[Start of Attachment]
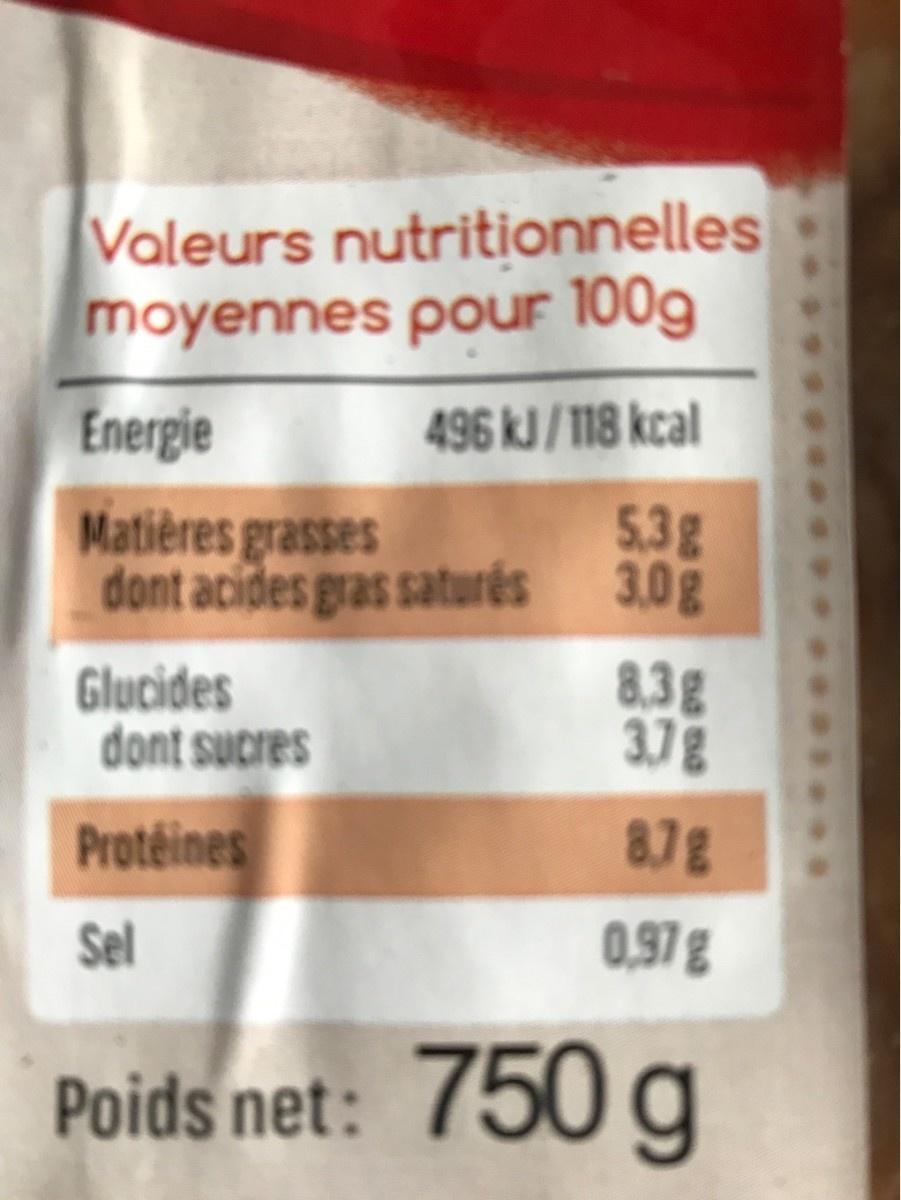
Valeurs nutritionnelles moyennes pour 100g
Energie
496 kJ/118 kcal
Matières grasses
5.3g
dont acides gras saturés
3,0g
Glucides dont sucres
8.3g 3.7g
Protéines
8.7g
Sel
0,97 g
Poids net: 750 g
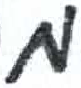
אות: מ
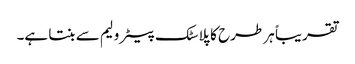
تقریباً ہر طرح کا پلاسٹک پیٹرولیم سے بنتا ہے۔
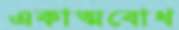
একাত্মবোধ
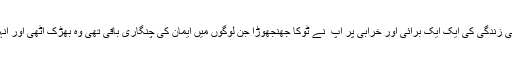
غرض کہ انفرادی اور اجتماعی زندگی کی ایک ایک برائی اور خرابی پر آپ ؒ نے ٹوکا جھنجھوڑا جن لوگوں میں ایمان کی چنگاری باقی تھی وہ بھڑک اٹھی اور انہوں نے اپنی حالت سد ھار لی۔
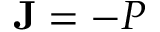
\mathbf { J } = - P
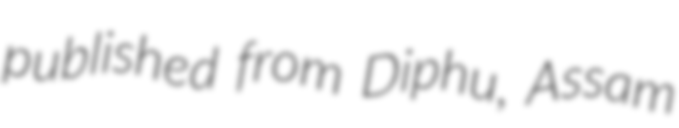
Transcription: published from Diphu, Assam
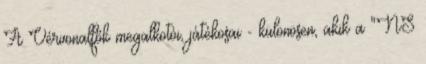
A Vérvonalfők megalkotói, játékosai - különösen, akik a "NS
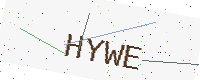
Text: HYWE
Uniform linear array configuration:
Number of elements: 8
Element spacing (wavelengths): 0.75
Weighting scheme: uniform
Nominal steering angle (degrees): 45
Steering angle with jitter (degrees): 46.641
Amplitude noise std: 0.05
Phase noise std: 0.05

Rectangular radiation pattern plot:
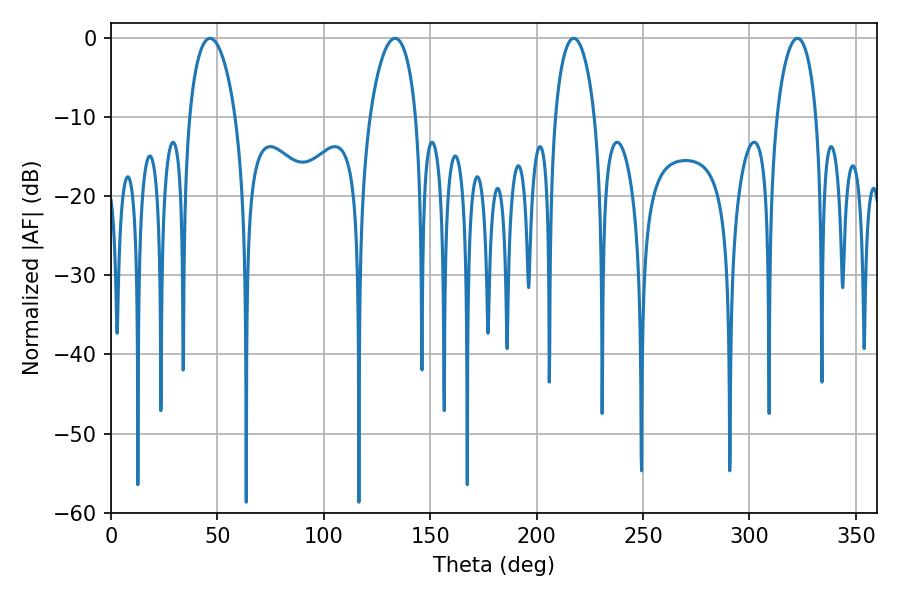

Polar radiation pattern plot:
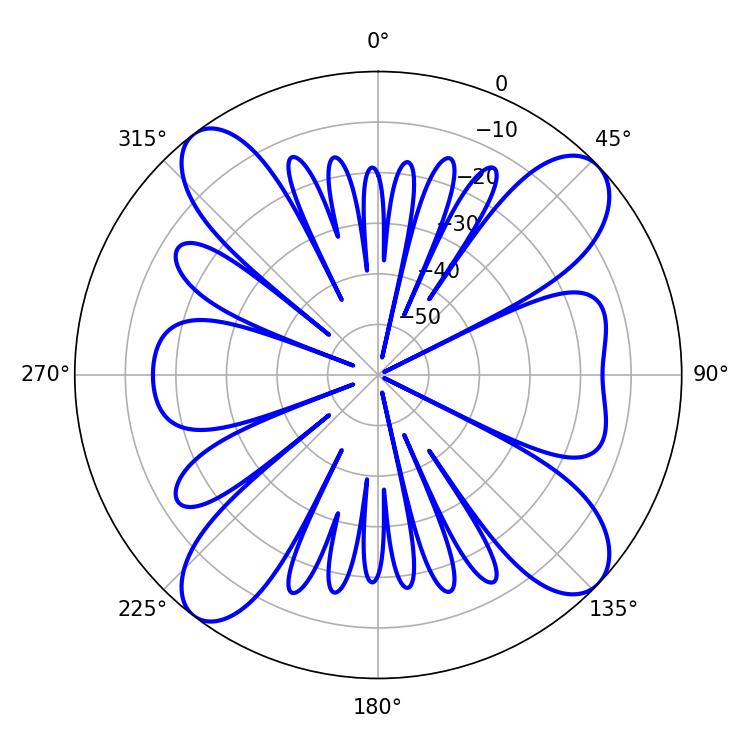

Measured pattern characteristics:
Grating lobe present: TRUE
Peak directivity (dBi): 13.108
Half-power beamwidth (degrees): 10.8
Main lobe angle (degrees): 322.56
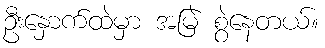
ဦးနှောက်ထဲမှာ အမြဲ စွဲနေတယ်။
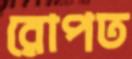
রোপত
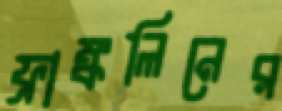
ফ্রাঙ্কলিনের
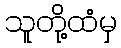
သူတို့ထံမှ
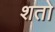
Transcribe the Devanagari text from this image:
[End of Attachment]
Exercise instructions:
Pictures are not part of the copy. Reproduce the lines from the one with "Uniform linear array" through the end of the listing above.

Answer to the problem:
Uniform linear array configuration:
Number of elements: 8
Element spacing (wavelengths): 0.75
Weighting scheme: uniform
Nominal steering angle (degrees): 45
Steering angle with jitter (degrees): 46.641
Amplitude noise std: 0.05
Phase noise std: 0.05

Rectangular radiation pattern plot:

Polar radiation pattern plot:

Measured pattern characteristics:
Grating lobe present: TRUE
Peak directivity (dBi): 13.108
Half-power beamwidth (degrees): 10.8
Main lobe angle (degrees): 322.56
ဦးနှောက်ထဲမှာ အမြဲ စွဲနေတယ်။
রোপত
ফ্রাঙ্কলিনের
သူတို့ထံမှ
Transcribe the Devanagari text from this image:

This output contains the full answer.